I have a field having the value ontwikkelingsdoelstellingen:
.
It is indexed in the solr like below
"tcngramm_X3b_nl_title":["ontwikkelingsdoelstellingen:"],
When I search for ontwikkelingsdoelstelling
, it gives me the result.
But when I search for ontwikkelingsdoelstellingen
or ontwikkelingsdoelstellinge
it does not give me the result.
I checked this in the solr admin UI as well using the Query
.
http://example.com/solr/user-owned/select?debugQuery=on&q=tcngramm_X3b_nl_title%3Aontwikkelingsdoelstelling
What is the issue here?
Updated:
I have another field in the index, tcngramm_X3b_nl_rendered_item
which has the value is a long descripton like
In uitvoering van de Duurzame Ontwikkelingsdoelstellingen
This is a part of the value.
If I search in this field tcngramm_X3b_nl_rendered_item
, ontwikkelingsdoelstellingen
, it also gives me no results
Here it works without the last two characters en
And here it does not work with the actual word.

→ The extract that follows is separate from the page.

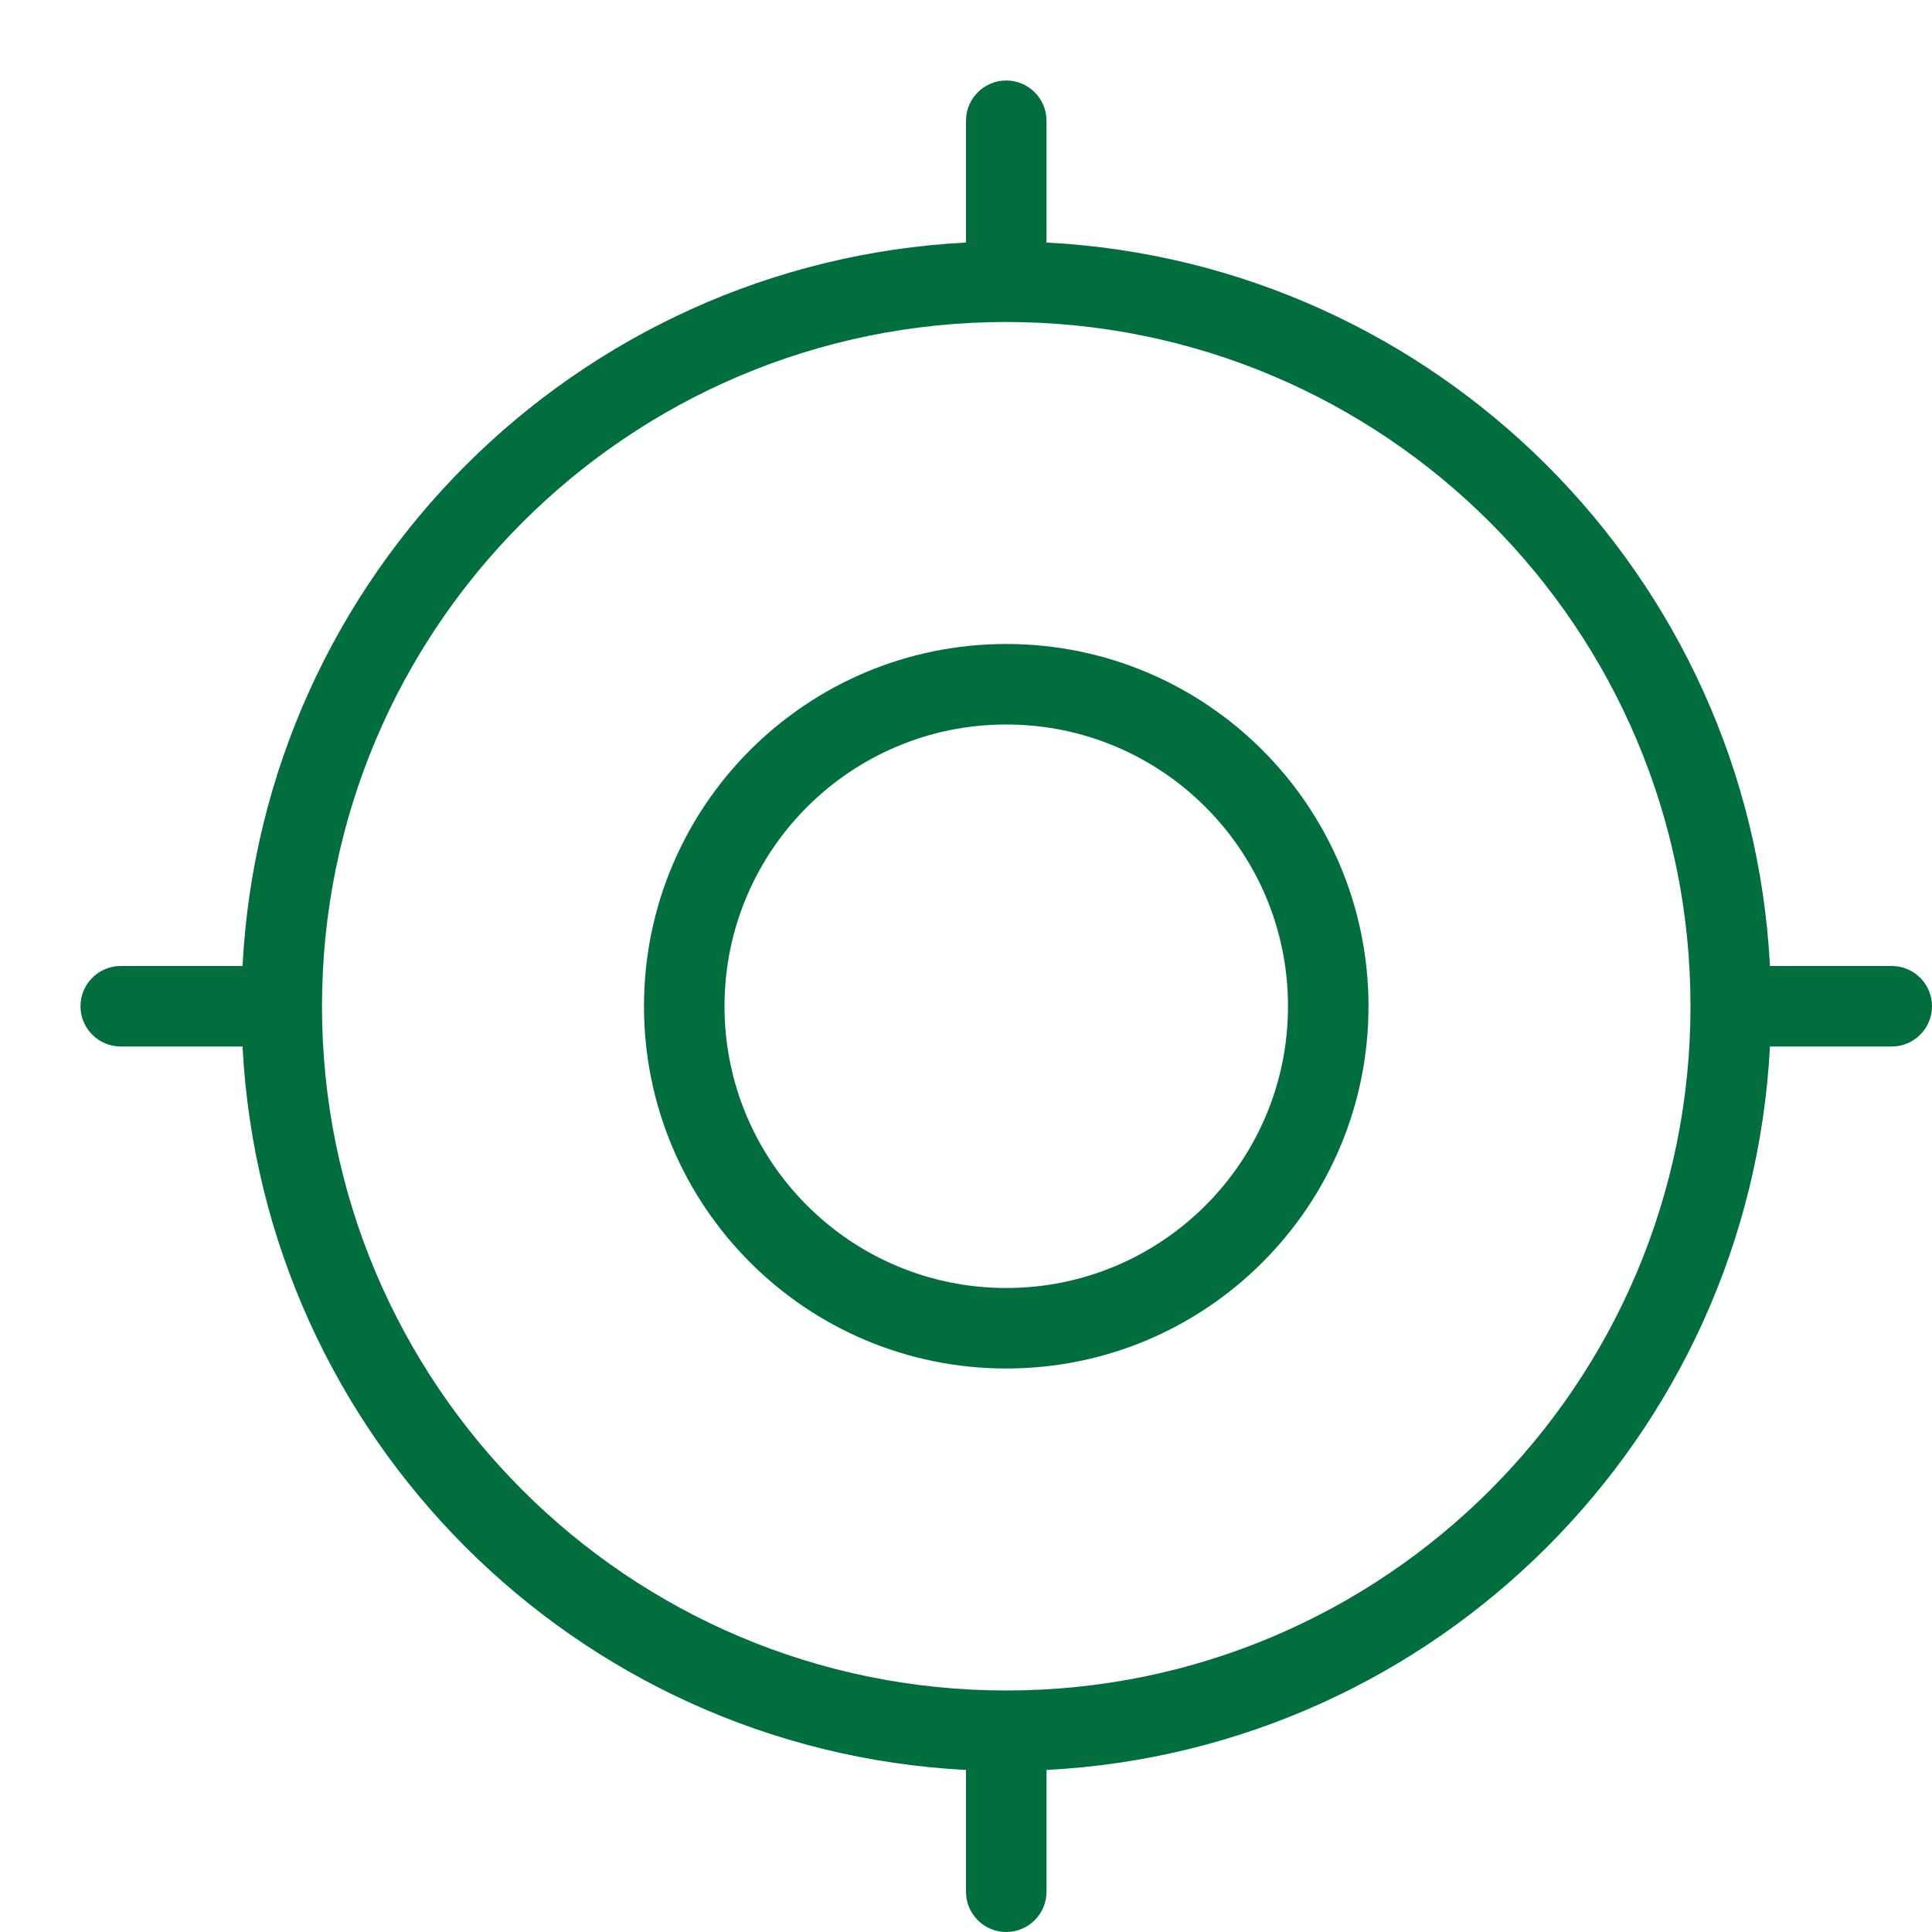 <?xml version="1.0" encoding="UTF-8"?> <svg xmlns="http://www.w3.org/2000/svg" width="240" height="240" viewBox="0 0 240 240" fill="none"> <path d="M219.871 130C217.356 178.487 178.487 217.356 130 219.871V235C130 237.761 127.761 240 125 240C122.239 240 120 237.761 120 235V219.871C71.513 217.356 32.644 178.487 30.129 130H15C12.239 130 10 127.761 10 125C10 122.239 12.239 120 15 120H30.129C32.644 71.513 71.513 32.644 120 30.129V15C120 12.239 122.239 10 125 10C127.761 10 130 12.239 130 15V30.129C178.487 32.644 217.356 71.513 219.871 120H235C237.761 120 240 122.239 240 125C240 127.761 237.761 130 235 130H219.871ZM125 210C171.944 210 210 171.944 210 125C210 78.056 171.944 40 125 40C78.056 40 40 78.056 40 125C40 171.944 78.056 210 125 210ZM125 170C100.147 170 80 149.853 80 125C80 100.147 100.147 80 125 80C149.853 80 170 100.147 170 125C170 149.853 149.853 170 125 170ZM125 160C144.33 160 160 144.33 160 125C160 105.67 144.33 90 125 90C105.67 90 90 105.67 90 125C90 144.33 105.67 160 125 160Z" fill="#016E3E"></path> </svg>

Ok, The issue was in the solr config files.
It was like this:
<fieldType name="text_ngram" class="solr.TextField" positionIncrementGap="100">
<analyzer type="index">
<charFilter class="solr.MappingCharFilterFactory" mapping="accents_und.txt"/>
<tokenizer class="solr.WhitespaceTokenizerFactory"/>
<filter class="solr.StopFilterFactory" ignoreCase="true" words="stopwords_und.txt"/>
<filter class="solr.WordDelimiterGraphFilterFactory" catenateNumbers="1" generateNumberParts="1" protected="protwords_und.txt" splitOnCaseChange="0" generateWordParts="1" preserveOriginal="1" catenateAll="0" catenateWords="1"/>
<filter class="solr.LengthFilterFactory" min="2" max="100"/>
<filter class="solr.LowerCaseFilterFactory"/>
<filter class="solr.RemoveDuplicatesTokenFilterFactory"/>
<filter class="solr.NGramFilterFactory" minGramSize="2" maxGramSize="25"/>
</analyzer>
<analyzer type="query">
<charFilter class="solr.MappingCharFilterFactory" mapping="accents_und.txt"/>
<tokenizer class="solr.WhitespaceTokenizerFactory"/>
<filter class="solr.LengthFilterFactory" min="2" max="100"/>
<filter class="solr.LowerCaseFilterFactory"/>
<filter class="solr.RemoveDuplicatesTokenFilterFactory"/>
</analyzer>
</fieldType>
You see the maxGramSize
is 25 and ontwikkelingsdoelstellingen
has 27 characters. So increasing the value of that attribute fixed my issue.